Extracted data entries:

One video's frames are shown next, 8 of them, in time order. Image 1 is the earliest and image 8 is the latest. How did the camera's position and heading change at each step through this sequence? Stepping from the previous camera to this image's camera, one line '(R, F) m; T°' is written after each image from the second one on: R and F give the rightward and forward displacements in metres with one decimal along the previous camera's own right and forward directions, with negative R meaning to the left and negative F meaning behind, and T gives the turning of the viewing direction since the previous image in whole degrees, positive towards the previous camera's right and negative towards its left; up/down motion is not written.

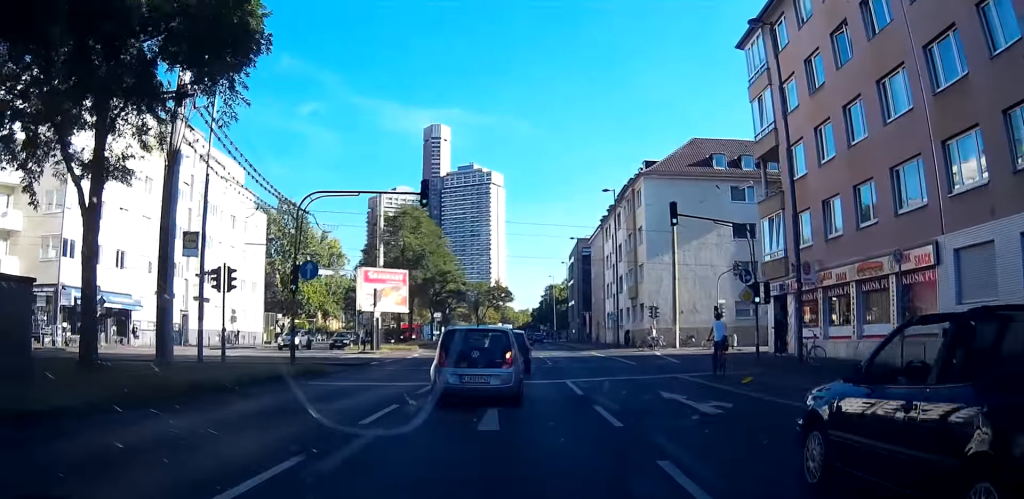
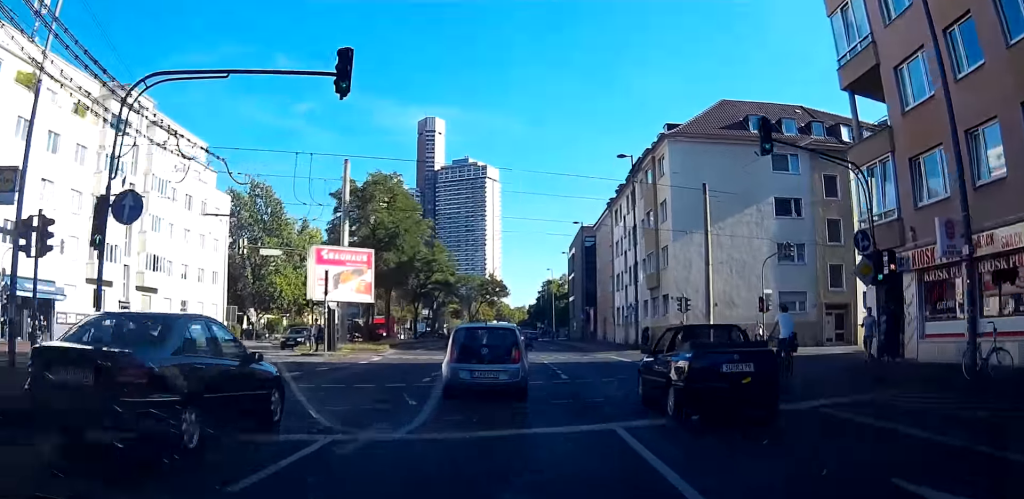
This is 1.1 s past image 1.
(-0.2, +11.9) m; -1°
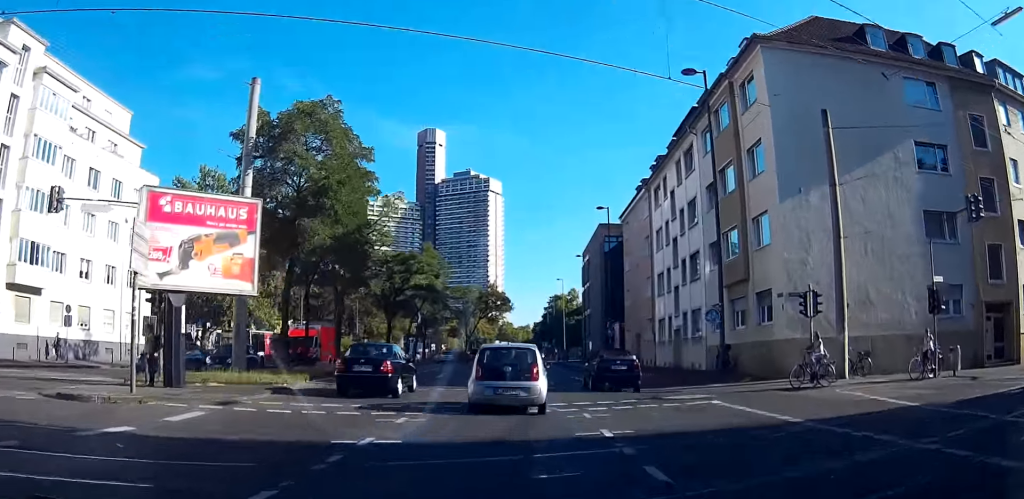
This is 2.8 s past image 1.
(-0.2, +21.9) m; -1°
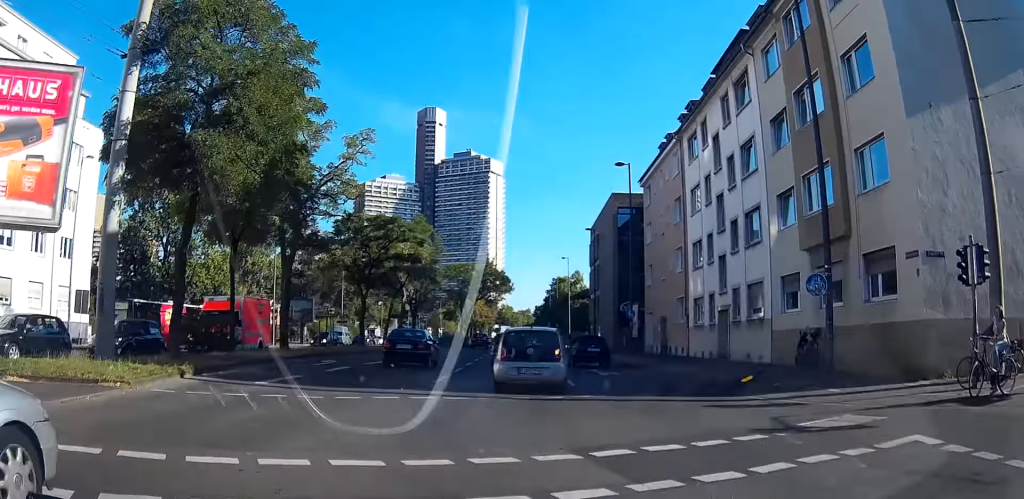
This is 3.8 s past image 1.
(-0.1, +12.1) m; -1°
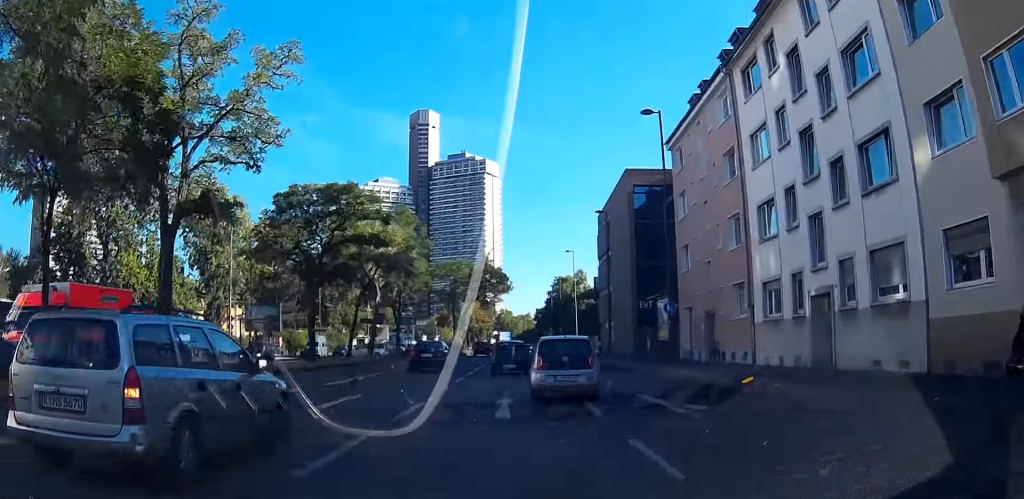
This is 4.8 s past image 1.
(-0.2, +13.9) m; -1°
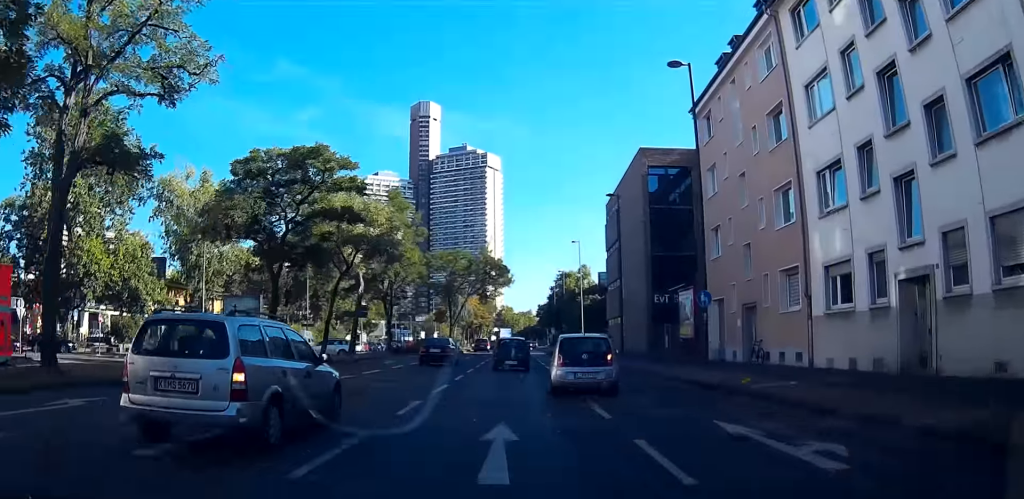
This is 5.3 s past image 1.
(-0.1, +6.9) m; 0°
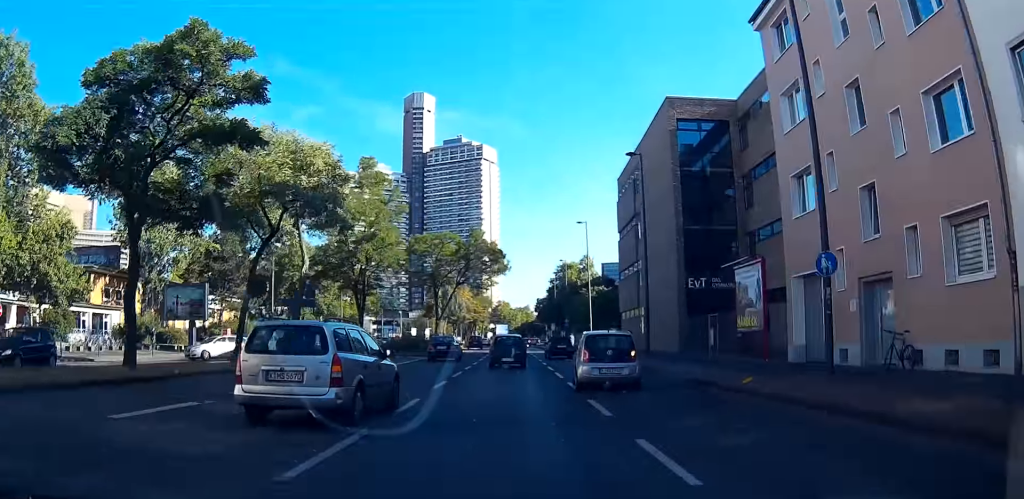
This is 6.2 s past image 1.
(+0.3, +12.9) m; -1°
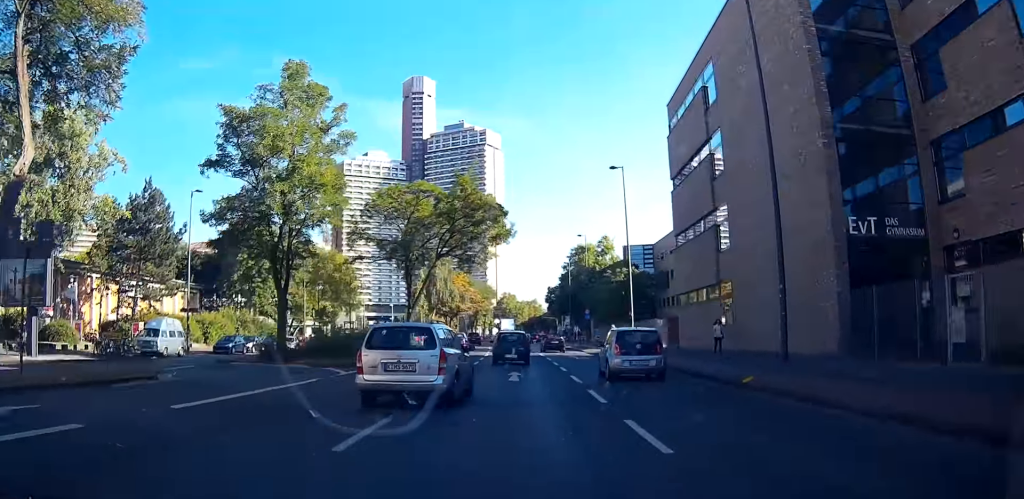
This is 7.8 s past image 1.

● Description of the task
Leaving the images out, print the records above exactly.

● Written answer
One video's frames are shown next, 8 of them, in time order. Image 1 is the earliest and image 8 is the latest. How did the camera's position and heading change at each step through this sequence? Stepping from the previous camera to this image's camera, one line '(R, F) m; T°' is written after each image from the second one on: R and F give the rightward and forward displacements in metres with one decimal along the previous camera's own right and forward directions, with negative R meaning to the left and negative F meaning behind, and T gives the turning of the viewing direction since the previous image in whole degrees, positive towards the previous camera's right and negative towards its left; up/down motion is not written.

This is 1.1 s past image 1.
(-0.2, +11.9) m; -1°
This is 2.8 s past image 1.
(-0.2, +21.9) m; -1°
This is 3.8 s past image 1.
(-0.1, +12.1) m; -1°
This is 4.8 s past image 1.
(-0.2, +13.9) m; -1°
This is 5.3 s past image 1.
(-0.1, +6.9) m; 0°
This is 6.2 s past image 1.
(+0.3, +12.9) m; -1°
This is 7.8 s past image 1.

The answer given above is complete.